Your assignment. Once the line with "Answer: 7 ބިލިއަން" has been located in the records below, set down that line and all subsequent lines exactly, omitting the pictures.
(Records shown)
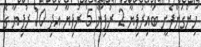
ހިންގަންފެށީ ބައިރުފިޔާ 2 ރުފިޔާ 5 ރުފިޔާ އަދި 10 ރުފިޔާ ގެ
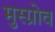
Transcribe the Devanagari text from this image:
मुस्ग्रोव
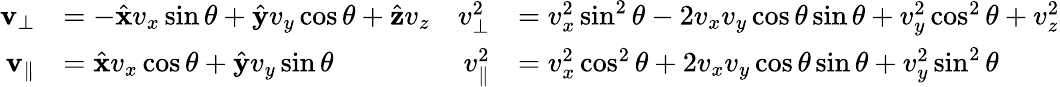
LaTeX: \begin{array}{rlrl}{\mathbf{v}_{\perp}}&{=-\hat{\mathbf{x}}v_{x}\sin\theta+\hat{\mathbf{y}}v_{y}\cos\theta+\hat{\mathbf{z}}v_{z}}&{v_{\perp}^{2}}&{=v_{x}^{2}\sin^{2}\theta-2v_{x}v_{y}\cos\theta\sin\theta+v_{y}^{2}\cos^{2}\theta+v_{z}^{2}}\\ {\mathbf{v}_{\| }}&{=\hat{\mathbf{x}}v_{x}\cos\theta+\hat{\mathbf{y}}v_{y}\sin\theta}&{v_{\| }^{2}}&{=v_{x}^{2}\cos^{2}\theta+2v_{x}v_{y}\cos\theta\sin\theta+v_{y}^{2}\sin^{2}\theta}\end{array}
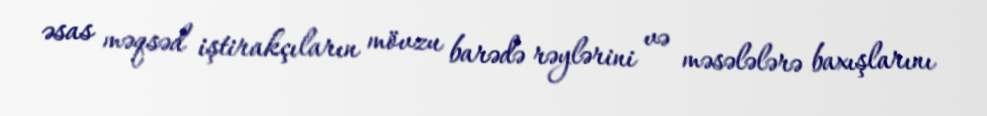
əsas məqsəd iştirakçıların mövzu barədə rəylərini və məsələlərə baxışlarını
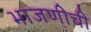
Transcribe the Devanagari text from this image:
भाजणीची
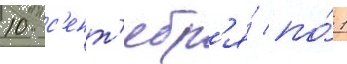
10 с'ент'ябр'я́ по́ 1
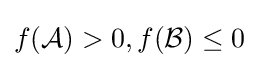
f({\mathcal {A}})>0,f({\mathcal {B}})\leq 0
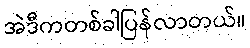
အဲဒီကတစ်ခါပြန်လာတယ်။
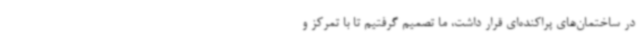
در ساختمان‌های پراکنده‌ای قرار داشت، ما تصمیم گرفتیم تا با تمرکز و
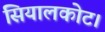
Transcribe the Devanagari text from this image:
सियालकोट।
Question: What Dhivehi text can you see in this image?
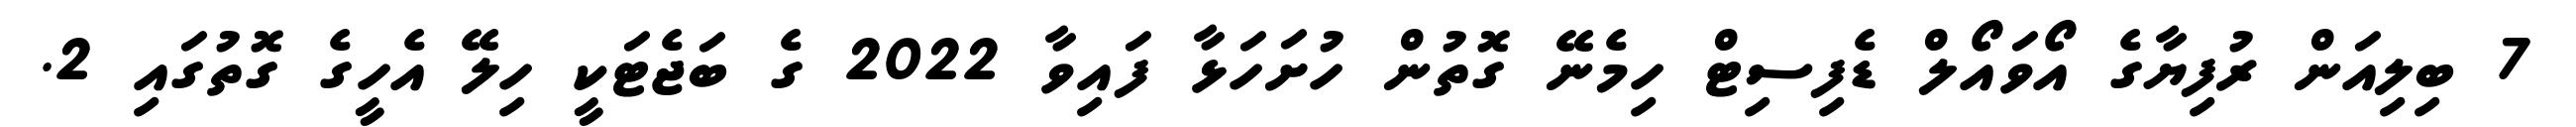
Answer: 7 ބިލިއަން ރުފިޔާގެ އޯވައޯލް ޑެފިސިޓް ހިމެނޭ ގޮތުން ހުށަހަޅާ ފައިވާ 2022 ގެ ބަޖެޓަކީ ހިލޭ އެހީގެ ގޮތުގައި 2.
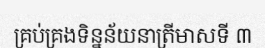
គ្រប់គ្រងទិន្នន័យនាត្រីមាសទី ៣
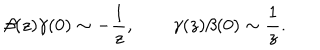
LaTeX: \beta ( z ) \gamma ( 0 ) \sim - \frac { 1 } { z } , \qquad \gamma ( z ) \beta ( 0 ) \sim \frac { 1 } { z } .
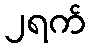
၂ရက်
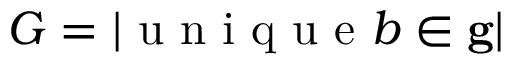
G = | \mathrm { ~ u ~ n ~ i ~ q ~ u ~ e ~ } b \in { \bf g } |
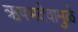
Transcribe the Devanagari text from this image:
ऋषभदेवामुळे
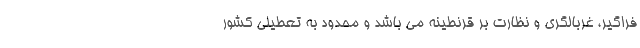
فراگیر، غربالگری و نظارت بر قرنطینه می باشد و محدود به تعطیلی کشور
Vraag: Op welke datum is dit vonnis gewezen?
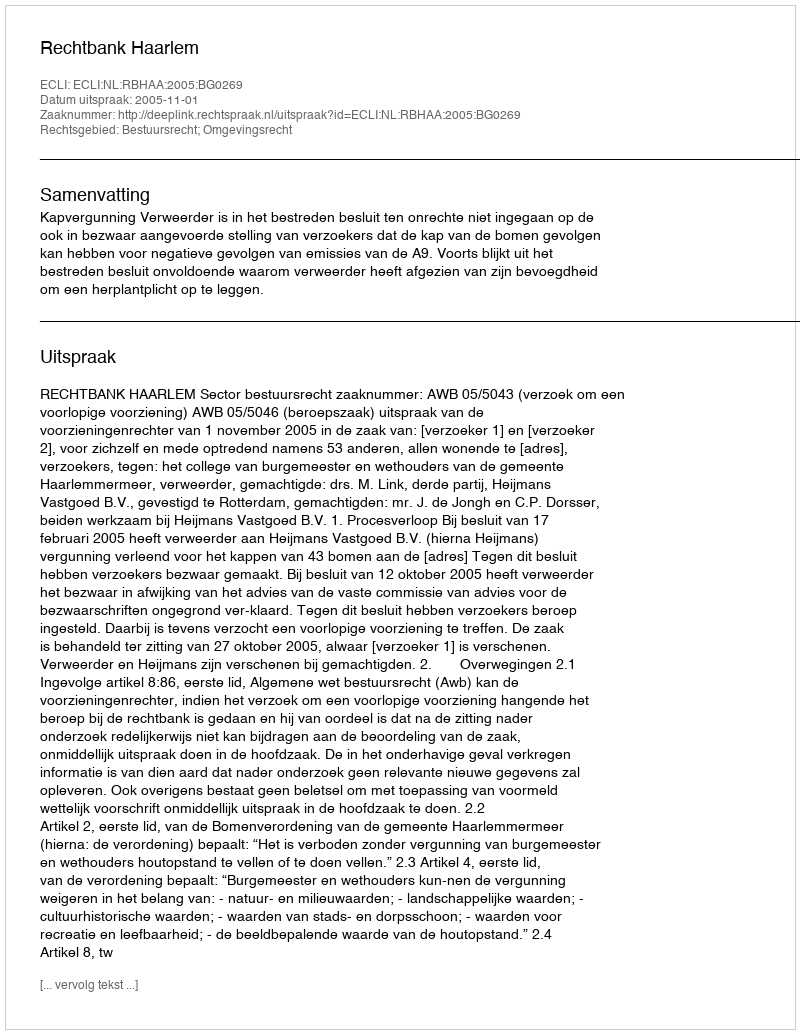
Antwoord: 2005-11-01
(End Records shown)
Result.
Answer: 7 ބިލިއަން ރުފިޔާގެ އޯވައޯލް ޑެފިސިޓް ހިމެނޭ ގޮތުން ހުށަހަޅާ ފައިވާ 2022 ގެ ބަޖެޓަކީ ހިލޭ އެހީގެ ގޮތުގައި 2.
គ្រប់គ្រងទិន្នន័យនាត្រីមាសទី ៣
LaTeX: \beta ( z ) \gamma ( 0 ) \sim - \frac { 1 } { z } , \qquad \gamma ( z ) \beta ( 0 ) \sim \frac { 1 } { z } .
၂ရက်
G = | \mathrm { ~ u ~ n ~ i ~ q ~ u ~ e ~ } b \in { \bf g } |
Transcribe the Devanagari text from this image:
ऋषभदेवामुळे
فراگیر، غربالگری و نظارت بر قرنطینه می باشد و محدود به تعطیلی کشور
Vraag: Op welke datum is dit vonnis gewezen?
Antwoord: 2005-11-01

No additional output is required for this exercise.